Resourceful as always, she turned once more to the online community of GIST patients. She discovered that there were other drugs — second-generation analogues of Gleevec — in trial in other cities. Later that year, she enrolled in one such trial in Boston, where I was completing my clinical training in cancer medicine.

The response was again striking. The masses in her liver and stomach shrank almost immediately. Her energy flowed back. Resurrected again, she made plans to return home. But the new drug did not work for long: within months she relapsed again. By early winter, her cancer was out of control, growing so fast that she could record its weight, in pounds, as she stood on the hospital's scales. Eventually her pain reached a point when it was impossible for her to walk.

Toward the end of 2003, I met her in her hospital room to try to reconcile her to her medical condition. As usual, she was ahead of me. When I started to talk about next steps, she waved her hand and cut me off. Her goals were now simple, she told me. No more trials. No more drugs. She realized that her reprieve had finally come to an end. She wanted to go home, to die the death that she expected in 1999.

The word "relapse" comes from the Latin for "slipping backward," or "slipping again." It signals not just a fall but another fall, a recurrent sin, a catastrophe that happens again. It carries a particularly chilling resonance in cancer — for it signals the reappearance of a disease that had once disappeared. When cancer recurs, it often does so in treatment-resistant or widely spread form. For many patients, it is relapse that presages the failure of all treatment. You may fear cancer, but what cancer patients fear is relapse.

Why does cancer relapse? From one perspective, the answer has to do as much with language, or psychology, as with biology. Diabetes and heart failure, both chronic illnesses whose acuity can also wax and wane, are rarely described in terms of "relapse." Yet when a cancer disappears on a CT scan or becomes otherwise undetectable, we genuinely begin to believe that the disappearance is real, or even permanent, even though statistical reasoning might suggest the opposite.
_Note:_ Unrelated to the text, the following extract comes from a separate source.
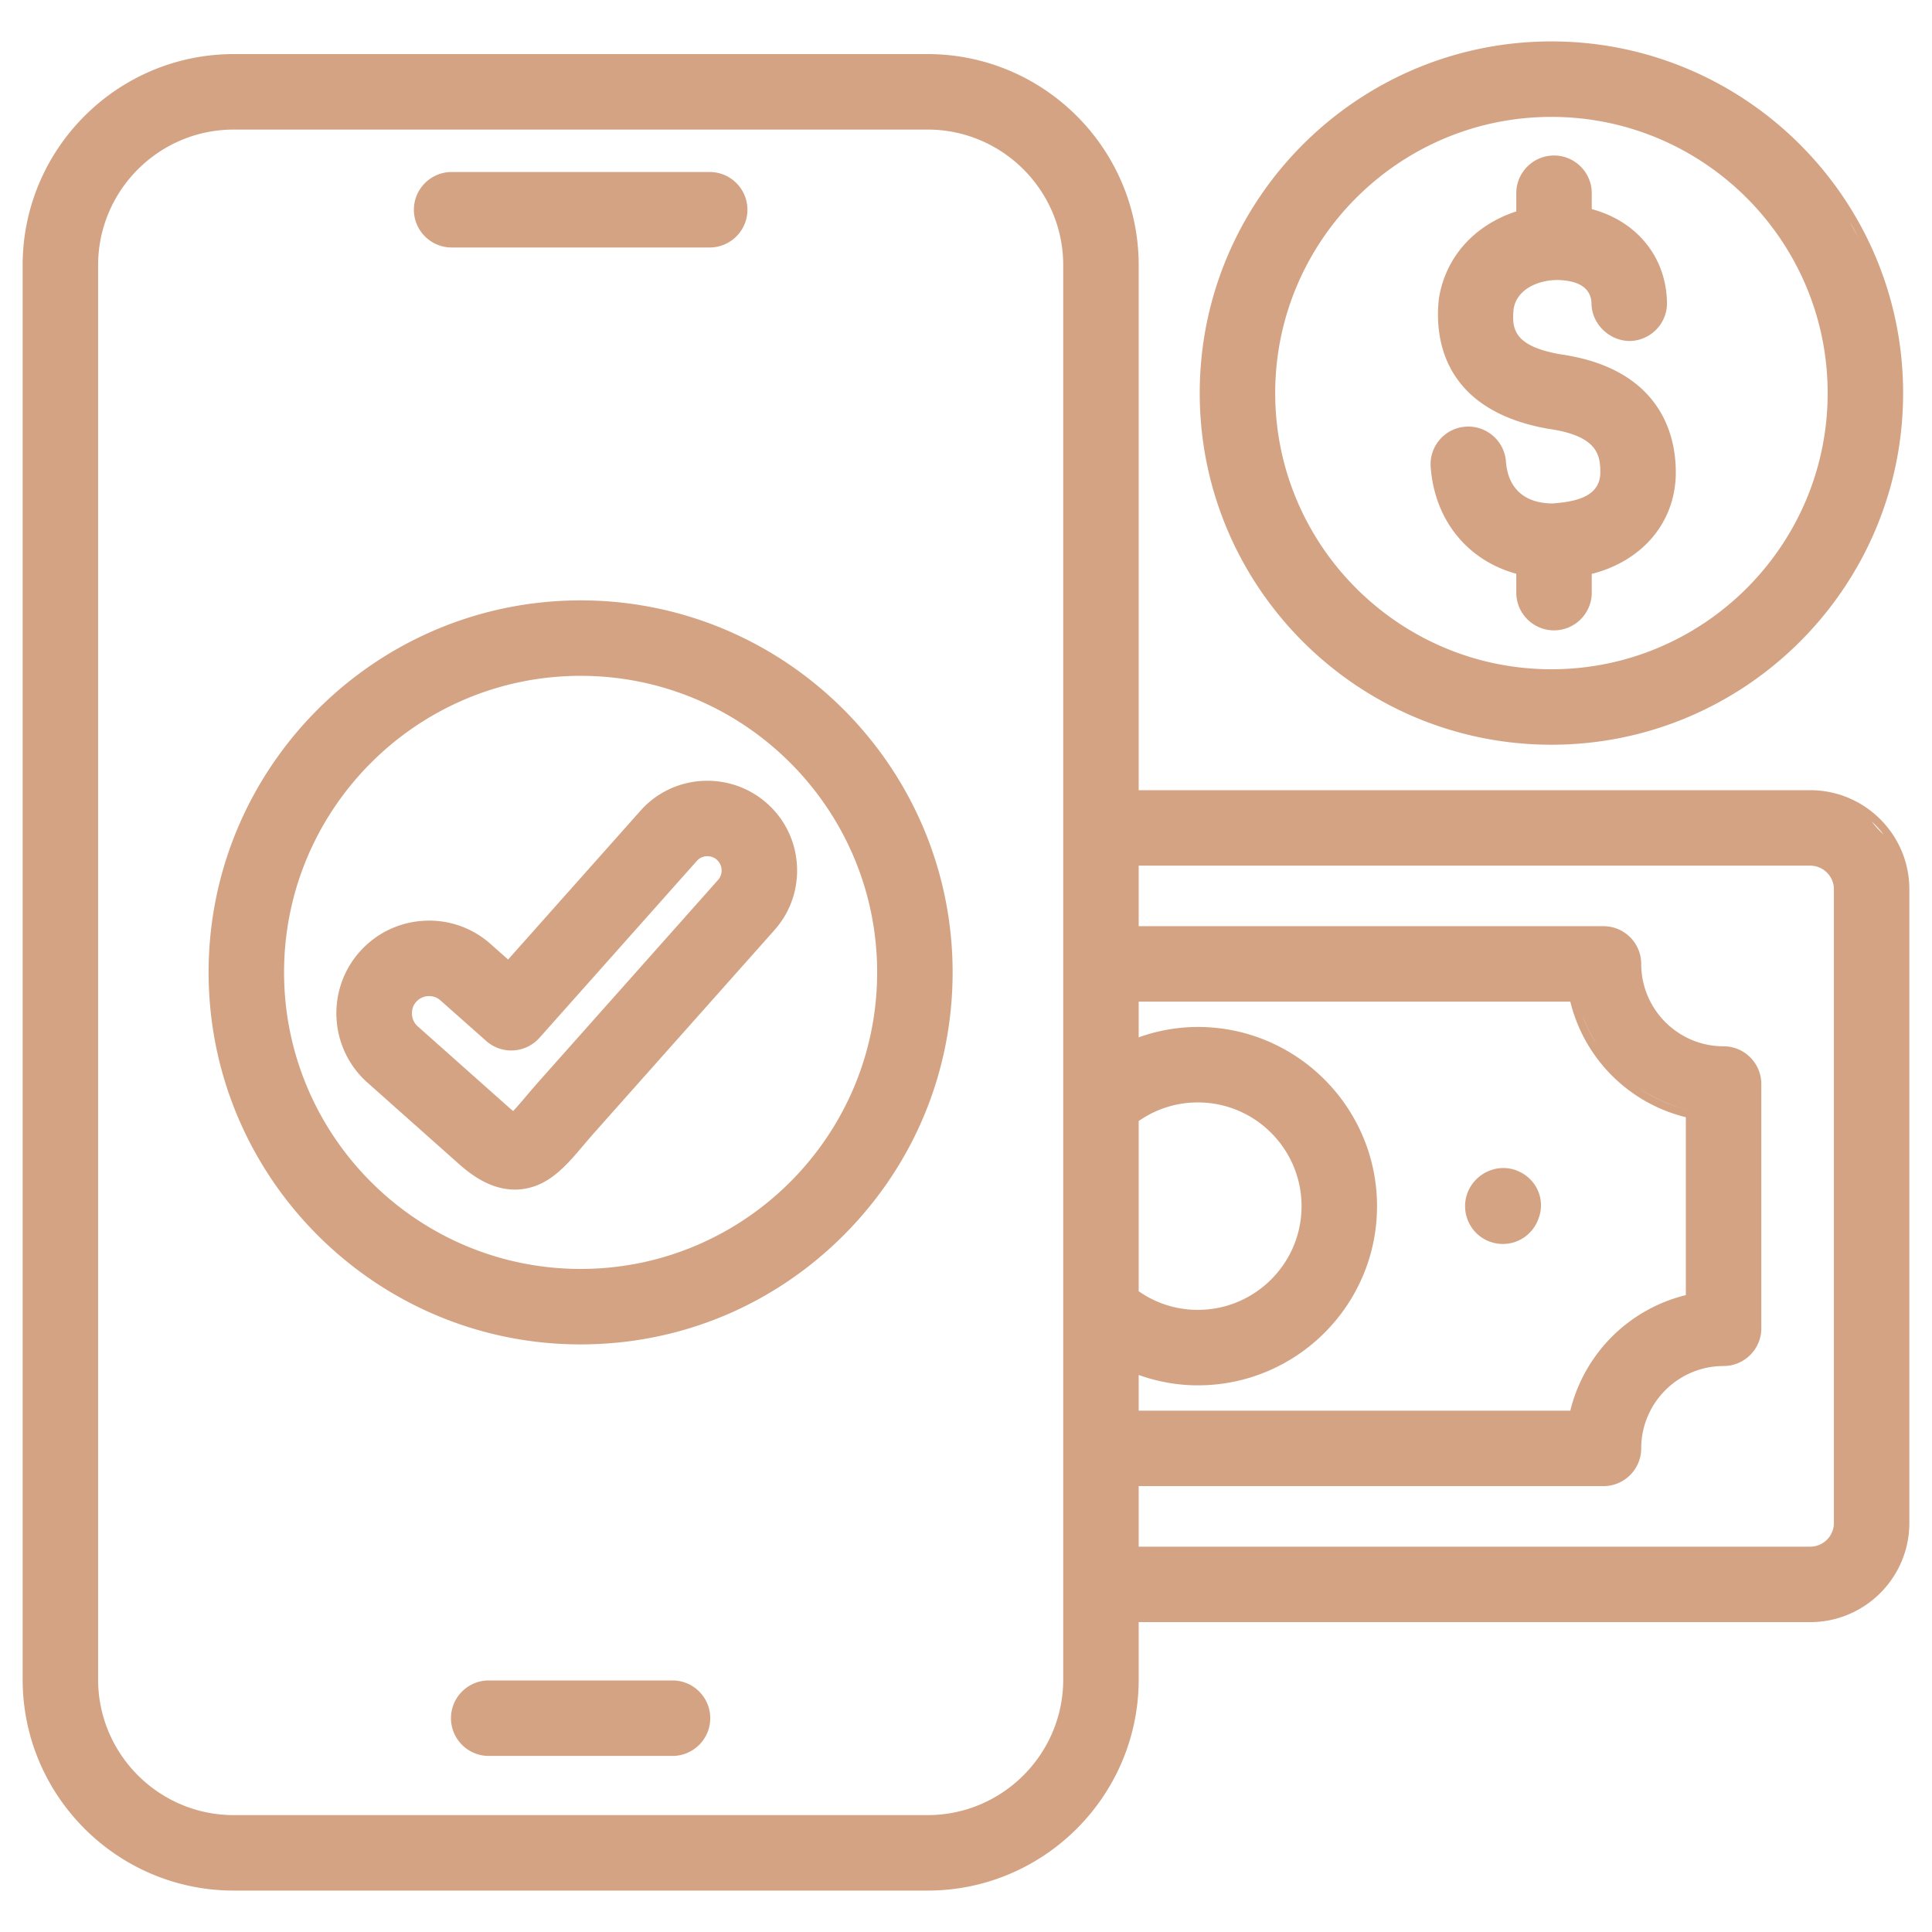 <svg xmlns="http://www.w3.org/2000/svg" viewBox="0 0 512 512" style="enable-background:new 0 0 512 512" xml:space="preserve"><path style="fill:#d4a383" d="M413.34 93.866c-12.176-2.19-12.751-6.732-12.211-12.008.847-5.255 6.577-7.649 11.556-7.649.408 0 .818.016 1.218.048 6.438.453 7.827 3.648 7.863 6.249.075 5.316 4.699 9.832 10.099 9.863 5.552-.077 9.976-4.625 9.901-10.137-.165-12.022-7.93-21.606-19.933-24.813v-4.21c0-5.514-4.486-10-10-10s-10 4.486-10 10v4.82c-11.199 3.639-18.827 12.216-20.526 23.198l-.008.048-.005.049c-.531 5.061-.325 12.512 3.673 19.267 4.616 7.799 13.089 12.852 25.185 15.017l.037.007.037.005c12.831 1.799 13.892 6.688 13.88 11.541-.001 6.389-6.412 7.738-11.997 8.2-.26.021-.484.04-.666.059-7.435-.036-11.821-3.98-12.352-11.113-.377-5.191-4.75-9.26-9.955-9.261-.252 0-.505.01-.76.029a9.922 9.922 0 0 0-6.83 3.442 9.924 9.924 0 0 0-2.396 7.267c1.036 14.005 9.673 24.699 22.681 28.267v4.999c0 5.514 4.486 10 10 10s10-4.486 10-10v-4.961c13.589-3.456 22.274-13.865 22.274-26.902.012-4.781-.918-11.799-5.414-18.052-5.151-7.167-13.68-11.631-25.351-13.269zm-19.496 22.744-.004-.003c.106.078.21.16.312.243l-.008-.006a7.537 7.537 0 0 0-.3-.234zm-.303-.212a7.72 7.72 0 0 0 .005.004l-.005-.004zm1.428 1.212-.005-.006c.091.098.178.2.264.302l-.013-.015c-.081-.095-.161-.19-.246-.281zm.489.575-.005-.007c.083.108.161.22.238.331l-.016-.022c-.071-.102-.141-.204-.217-.302zm3.947-37.764c.03-.104.071-.201.104-.303l.021-.057c-.041.123-.091.241-.127.368l.002-.008zm.388-1.093c.055-.129.121-.249.181-.374l.015-.029c-.066.137-.138.269-.198.41l.002-.007zm.508-1.017c.075-.13.159-.253.24-.379l.012-.018c-.086.134-.176.265-.255.403l.003-.006zm1.675-2.143.01-.01c-.119.117-.238.234-.351.356l.005-.006c.109-.116.222-.228.336-.34zm.477-.446c.121-.106.245-.208.371-.309l.011-.008a12.2 12.2 0 0 0-.39.325l.008-.008zm.896-.708a11.32 11.32 0 0 1-.011.008l.011-.008zm.97-.63c.139-.082.278-.164.421-.241l.01-.005a13.86 13.86 0 0 0-.445.255l.014-.009zm1.036-.552c.144-.069.287-.14.434-.205l.01-.004c-.157.069-.309.144-.463.218l.019-.009zm1.096-.474c.145-.056.289-.115.437-.167l.009-.003c-.159.056-.314.119-.471.18l.025-.01zm1.151-.396c.141-.042.279-.089.421-.128l.008-.002c-.155.042-.307.093-.461.14l.032-.01zm1.228-.322c.12-.027.238-.059.359-.083l.007-.001c-.138.028-.273.064-.411.095l.045-.011zm1.442-.264.102-.017h.005c-.064.008-.126.022-.19.031l.083-.014zm1.301-.132c.117-.007.234-.006.351-.011h.012c-.122.005-.243.004-.365.012l.002-.001zm-18.675 43.766a8.656 8.656 0 0 0-.346-.177l-.003-.002c.12.057.237.117.354.18l-.005-.001zm-.678-.328a7.768 7.768 0 0 0-.367-.145l-.002-.001a8.43 8.43 0 0 1 .369.146zm-.709-.263a8.459 8.459 0 0 0-.385-.11h-.002c.131.034.26.07.389.111l-.002-.001zm-.736-.196a7.571 7.571 0 0 1 .001.001l-.001-.001zm-.757-.125c-.041-.005-.08-.014-.121-.018.041.005.08.014.121.018zm10.898-37.721.004-.006c.093-.125.193-.244.291-.364l.011-.013c-.103.126-.208.251-.306.383zm33.296-12.228zm-4.503-4.01zm-9.876-9.932zm-1.366-4.473a8 8 0 0 0-6.634-3.527 7.993 7.993 0 0 1 6.634 3.527zm-21.42 75.314c-.016-.126-.026-.255-.047-.379l-.001-.01c.046.26.079.525.099.794-.011-.137-.035-.27-.051-.405zm-.221-1.146-.002-.01c.047.166.081.337.117.507l-.03-.129c-.029-.122-.052-.247-.085-.368zm-.246-.735a.126.126 0 0 1-.003-.01c.056.143.101.29.149.437l-.025-.073c-.04-.118-.076-.238-.121-.354zm-.313-.701-.004-.009c.065.129.122.263.181.396l-.021-.047c-.051-.113-.099-.228-.156-.34zm-.169-.306-.019-.032c-.061-.108-.121-.217-.187-.322l-.005-.008c.075.117.143.239.211.362zm-1.384-1.808-.01-.01a8.381 8.381 0 0 0-.274-.259l-.005-.005c.099.089.194.181.289.274zM119.687 65.586h68.39c5.514 0 10-4.486 10-10s-4.486-10-10-10h-68.39c-5.514 0-10 4.486-10 10s4.486 10 10 10zm58.535 379.754h-48.707c-5.514 0-10 4.486-10 10s4.486 10 10 10h48.707c5.514 0 10-4.486 10-10s-4.486-10-10-10zm223.811-135.106a9.741 9.741 0 0 0-3.622-.696c-4.109 0-7.901 2.573-9.436 6.402-2.046 5.12.453 10.952 5.569 13.003 1.208.477 2.454.718 3.713.718a9.965 9.965 0 0 0 9.29-6.286l.11-.274c2.051-5.131-.421-10.782-5.624-12.867zm-4.947 1.425-.007.001c.065-.011.129-.026.194-.035l-.004.001c-.061.008-.122.022-.183.033zm-.913.21c-.064.019-.128.034-.191.054l-.003.001c.066-.021.134-.037.2-.057a.014.014 0 0 0-.006.002zm-1.167.435c-.067.031-.132.066-.199.1l-.002.001c.068-.034.134-.07.203-.102l-.002.001zm-1.012.561c-.035.022-.073.038-.107.061.034-.023.073-.039.107-.061.001 0 0 0 0 0zm7.22-.8a7.932 7.932 0 0 0-.667-.226l-.004-.001c.25.071.499.154.745.253-.024-.011-.049-.017-.074-.026zm-1.419-.4-.004-.001a7.485 7.485 0 0 1 .471.106c-.156-.038-.311-.077-.467-.105zm-.757-.098-.005-.001c.152.012.303.033.455.054l-.018-.002c-.144-.019-.288-.039-.432-.051zm-.326-.015h-.013c-.096-.004-.192-.013-.288-.013-.029 0-.058.006-.087.007h-.003c.031 0 .06-.007.091-.007.099-.001.2.009.3.013zm-244.829 44.73c.839 0 1.676-.011 2.512-.032.167-.004.333-.013.499-.018.674-.02 1.347-.043 2.019-.077.124-.006.247-.016.372-.023.721-.039 1.441-.083 2.159-.137l.101-.009c23.407-1.795 45.192-11.795 62.008-28.616 16.823-16.829 26.82-38.632 28.608-62.057l.006-.066c.055-.728.1-1.458.139-2.189.006-.115.015-.229.021-.344.034-.674.057-1.35.077-2.026.005-.165.014-.329.018-.495.021-.836.032-1.673.032-2.512 0-54.354-44.218-98.574-98.57-98.574-54.369 0-98.602 44.22-98.602 98.574-.001 54.368 44.232 98.601 98.601 98.601zm0-177.176c43.324 0 78.57 35.248 78.57 78.574 0 43.341-35.246 78.602-78.57 78.602-43.341 0-78.602-35.261-78.602-78.602 0-43.326 35.261-78.574 78.602-78.574z"/><path style="fill:#d4a383" d="M411.145 197.359c51.392 0 93.203-41.799 93.203-93.176 0-51.395-41.811-93.207-93.203-93.207s-93.203 41.812-93.203 93.207c0 51.377 41.811 93.176 93.203 93.176zm0-19.999c-40.364 0-73.203-32.827-73.203-73.176 0-40.366 32.839-73.207 73.203-73.207 40.364 0 73.203 32.841 73.203 73.207 0 40.349-32.839 73.176-73.203 73.176zm91.203-73.177zm-2.34-20.573zM329.935 62.696a91.354 91.354 0 0 1 10.86-16.496 91.74 91.74 0 0 1 5.891-6.48c16.515-16.515 39.315-26.744 64.46-26.744 25.145 0 47.945 10.229 64.46 26.744a92.23 92.23 0 0 1 8.601 9.927 91.701 91.701 0 0 1 8.15 13.049 90.753 90.753 0 0 1-2.108-3.876 91.354 91.354 0 0 0-8.752-12.62 91.74 91.74 0 0 0-5.891-6.48c-16.515-16.515-39.315-26.744-64.46-26.744-25.144 0-47.945 10.228-64.46 26.744a92.23 92.23 0 0 0-8.601 9.927 91.701 91.701 0 0 0-8.15 13.049zm-3.657 8.076zm-6.217 28.724zM136.447 315.253c.364 0 .74-.013 1.117-.04 7.597-.544 12.35-6.15 16.947-11.571l.14-.165c.955-1.125 1.942-2.288 3.04-3.522l47.551-53.474c4.216-4.743 6.33-10.852 5.954-17.203-.376-6.35-3.197-12.168-7.941-16.382-4.337-3.858-9.948-5.984-15.799-5.984-.469 0-.945.014-1.416.04-6.357.384-12.157 3.201-16.339 7.935l-35.048 39.397-4.62-4.094a24.367 24.367 0 0 0-17.726-6.172c-6.567.374-12.598 3.285-16.974 8.197-8.995 10.126-8.077 25.686 2.043 34.688l24.18 21.508c3.312 2.938 8.457 6.842 14.891 6.842zm-19.116-68.979a22.89 22.89 0 0 1 1.16.219h-.003a23.366 23.366 0 0 0-1.157-.219zm-2.114-.234-.018-.002c.399.025.796.059 1.191.106l-.009-.001a22.552 22.552 0 0 0-1.164-.103zm4.185.666c.144.037.291.061.434.101-.142-.04-.289-.063-.432-.101h-.002zm69.458-37.731-.013-.001c.388.024.773.057 1.157.101h-.002a21.52 21.52 0 0 0-1.142-.1zm2.053.222c.169.026.341.038.509.069-.167-.03-.338-.042-.506-.068l-.003-.001zm-51.377 66.093a.008.008 0 0 1 .004-.002c-.101.059-.205.111-.308.166a.047.047 0 0 1 .01-.005c.099-.053.198-.103.294-.159zm.685-.449.005-.003c-.09.066-.183.123-.275.185l.019-.013c.084-.057.169-.109.251-.169zm.646-.528.005-.004c-.071.065-.147.121-.22.182l.036-.03c.059-.049.121-.095.179-.148zm47.511-49.324h.002c-.152-.024-.309-.029-.464-.04h.008c.151.012.304.017.454.04zm1.054.263c-.134-.048-.276-.075-.414-.112l.008.002c.135.037.274.063.406.11zm.981.455s0 .001 0 0c-.103-.061-.216-.101-.323-.156l.005.002c.105.055.216.094.318.154zm-76.687 38.269c1.124 0 2.166.399 3.011 1.155l12.123 10.744a10.007 10.007 0 0 0 14.104-.841l41.702-46.882a3.695 3.695 0 0 1 2.783-1.244c.96 0 1.833.324 2.523.938a3.781 3.781 0 0 1 1.254 2.618 3.737 3.737 0 0 1-.931 2.729l-47.544 53.463-.505.568v.007c-1.111 1.263-2.139 2.477-2.987 3.477-1.009 1.189-2.262 2.665-3.261 3.724a24.251 24.251 0 0 1-1.155-.966l-24.178-21.506c-.888-.79-1.418-1.909-1.492-3.151-.074-1.24.319-2.41 1.106-3.295a4.555 4.555 0 0 1 3.174-1.528c.098-.007.186-.01.273-.01zm23.568 12.201h.002c-.116.027-.232.05-.349.072h.001c.116-.022.231-.046.346-.072zm.772-.218.004-.001a7.95 7.95 0 0 1-.342.105l.004-.001c.112-.033.223-.065.334-.103zm.749-.296.004-.002c-.108.049-.218.092-.328.137l.006-.003c.107-.042.213-.084.318-.132zm-2.307.653c-.064.008-.127.023-.191.03.064-.007.127-.021.191-.03zm4.953-2.602.008-.008 41.703-46.883-41.703 46.883-.008.008zm-15.205 35.896zm61.199-100.698c.157 0 .312.018.469.021h-.01c-.152-.003-.301-.02-.453-.02-.415 0-.832.013-1.25.036-.019.001-.039-.001-.058.001.435-.026.869-.038 1.302-.038zm-7.583 1.349zm-66.081 35.713c.156 0 .309.018.464.021h-.014c-.149-.003-.297-.021-.447-.021-.436 0-.873.014-1.311.04l-.055.001c.456-.028.91-.041 1.363-.041z"/><path style="fill:#d4a383" d="M479.726 209.41h-177.96V70.289c0-30.853-25.1-55.953-55.953-55.953H61.953C31.1 14.336 6 39.436 6 70.289V445.07c0 30.853 25.1 55.953 55.953 55.953h183.859c30.853 0 55.953-25.1 55.953-55.953v-15.191h177.961c14.488 0 26.274-11.786 26.274-26.274V235.68c0-14.485-11.786-26.27-26.274-26.27zm16.313 8.312a24.62 24.62 0 0 1 3.133 3.445 24.382 24.382 0 0 1-3.133-3.445zm-194.273 79.371a27.162 27.162 0 0 1 15.687-4.937c15.149 0 27.473 12.336 27.473 27.5 0 15.149-12.324 27.473-27.473 27.473-5.668 0-11.07-1.703-15.687-4.937v-45.099zm2.006 48.661a29.185 29.185 0 0 0 8.92 2.989 29.237 29.237 0 0 1-12.926-5.532 29.537 29.537 0 0 0 4.006 2.543zm-2.006 18.63c5.122 1.823 10.386 2.745 15.687 2.745 26.177 0 47.473-21.296 47.473-47.473 0-26.192-21.296-47.5-47.473-47.5-5.302 0-10.566.922-15.687 2.745v-9.451h114.381a41.753 41.753 0 0 0 30.619 30.619v47.148a41.753 41.753 0 0 0-30.619 30.619H301.766v-9.452zm119.983.491-.011.021a39.663 39.663 0 0 0-2.383 5.271c.871-2.378 1.984-4.636 3.272-6.778-.125.208-.25.417-.371.628-.166.289-.348.566-.507.858zm6.868-81.276zm8.173 6.267a39.716 39.716 0 0 0 5.205 2.543 39.349 39.349 0 0 0 6.771 2.06 39.67 39.67 0 0 1-15.811-7.112 39.921 39.921 0 0 0 3.835 2.509zm-16.983-19.645a39.716 39.716 0 0 0 2.543 5.205c.287.492.562.991.869 1.47a39.733 39.733 0 0 1-3.863-7.777c.137.373.303.733.451 1.102zM301.766 393.837h123.172c5.514 0 10-4.486 10-10 0-12.036 9.792-21.828 21.828-21.828 5.514 0 10-4.486 10-10v-64.73c0-5.514-4.486-10-10-10-12.036 0-21.828-9.792-21.828-21.828 0-5.514-4.486-10-10-10H301.766V229.41h177.961c3.459 0 6.274 2.813 6.274 6.27L486 403.606a6.282 6.282 0 0 1-6.274 6.274h-177.96v-16.043zM493.288 215.56zm-5.225-2.675zM8 70.289c0-29.75 24.203-53.953 53.953-53.953h183.86c29.75 0 53.953 24.203 53.953 53.953 0-29.75-24.203-53.953-53.953-53.953H61.953C32.203 16.336 8 40.539 8 70.289zM26 445.07V70.289c0-19.825 16.128-35.953 35.953-35.953h183.859c19.825 0 35.953 16.128 35.953 35.953v14.027l.001 16.001v344.754c0 19.825-16.128 35.953-35.953 35.953H61.953C42.128 481.023 26 464.894 26 445.07zM283.765 84.316l.001 16.001-.001-16.001zm213.921 335.601zM504 403.605zm0-167.925z"/></svg>

A resurrection implies a previous burial. Cancer's "relapse" thus implies a belief that the disease was once truly dead.

But what if my patient's cancer had never actually died, despite its invisibility on all scans and tests? CT scans, after all, lack the resolution to detect a single remnant cell. Blood tests for cancer also have a resolution limit: they detect cancer only when millions of tumor cells are present in the body. What if her cancer had persisted in a dormant state during her remissions — effectively frozen but ready to germinate? Could her case history be viewed through an inverted lens: not as a series of remissions punctuated by the occasional relapse, but rather a prolonged relapse, relieved by an occasional remission?

In fact, this view of cancer — as tenaciously persistent and able to regenerate after apparently disappearing — has come to occupy the very center of cancer biology. Intriguingly, for some cancers, this regenerative power appears to be driven by a specific cell type lurking within the cancer that is capable of dormancy, growth and infinite regeneration — a cancer "stem cell."

If such a phoenixlike cell truly exists within cancer, the implication for cancer therapy will be enormous: this cell might be the ultimate determinant of relapse. For decades, scientists have wondered if the efforts to treat certain cancers have stalled because we haven't yet found the right kind of drug. But the notion that cancers contain stem cells might radically redirect our efforts to develop anticancer drugs. Is it possible that the quest to treat cancer has also stalled because we haven't even found the right kind of cell?